The Normal Heart
[In the following, Beaufort judges The Normal Heart propagandistic and censures Kramer's "sweeping (and sometimes questionable) generalizations. "]
Like As Is, an Off Broadway production bound for Broadway, Larry Kramer's The Normal Heart deals with the effects of a malady known as AIDS (the medical acronym for "acquired immune deficiency syndrome"). Written in anguish and anger, the new drama at the Public/Luesther Hall features documentation, strident polemic, propaganda, and a doomed homosexual romance.
Mr. Kramer particularizes the devastating effects of the AIDS epidemic in the relationship between his two central characters, a novelist (Brad Davis) and a New York Times reporter (D. W. Moffett).
The author is intent on indicting those in the public and private sectors whom he charges with having failed to respond promptly and adequately to the AIDS threat. While censuring governmental, medical, and press establishments, Mr. Kramer reserves his sharpest scorn and condemnation for New York Mayor Edward I. Koch.
In such a one-sided view, there is no opportunity for rebuttal.
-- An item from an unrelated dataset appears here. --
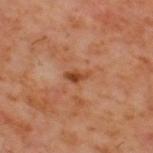follow-up: no biopsy performed (imaged during a skin exam) | size: ≈2.5 mm | location: the upper back | tile lighting: cross-polarized illumination | patient: male, aged 58 to 62 | acquisition: 15 mm crop, total-body photography.
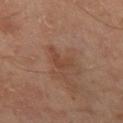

The Normal Heart further weakens its appeal by making its gay-activist protagonist (Mr. Davis) such an abrasive fanatic that he is finally expelled from the very support committee he co-founded.
The Normal Heart presents a harrowing case history along with its sweeping (and sometimes questionable) generalizations. Mr. Kramer attempts unsuccessfully to combine a plea for responsible official awareness and treatment of a tragic health disaster with a propaganda pitch for society's unreserved acceptance of homosexual life styles.
The play is acted with conviction under Michael LindsayHogg's direction.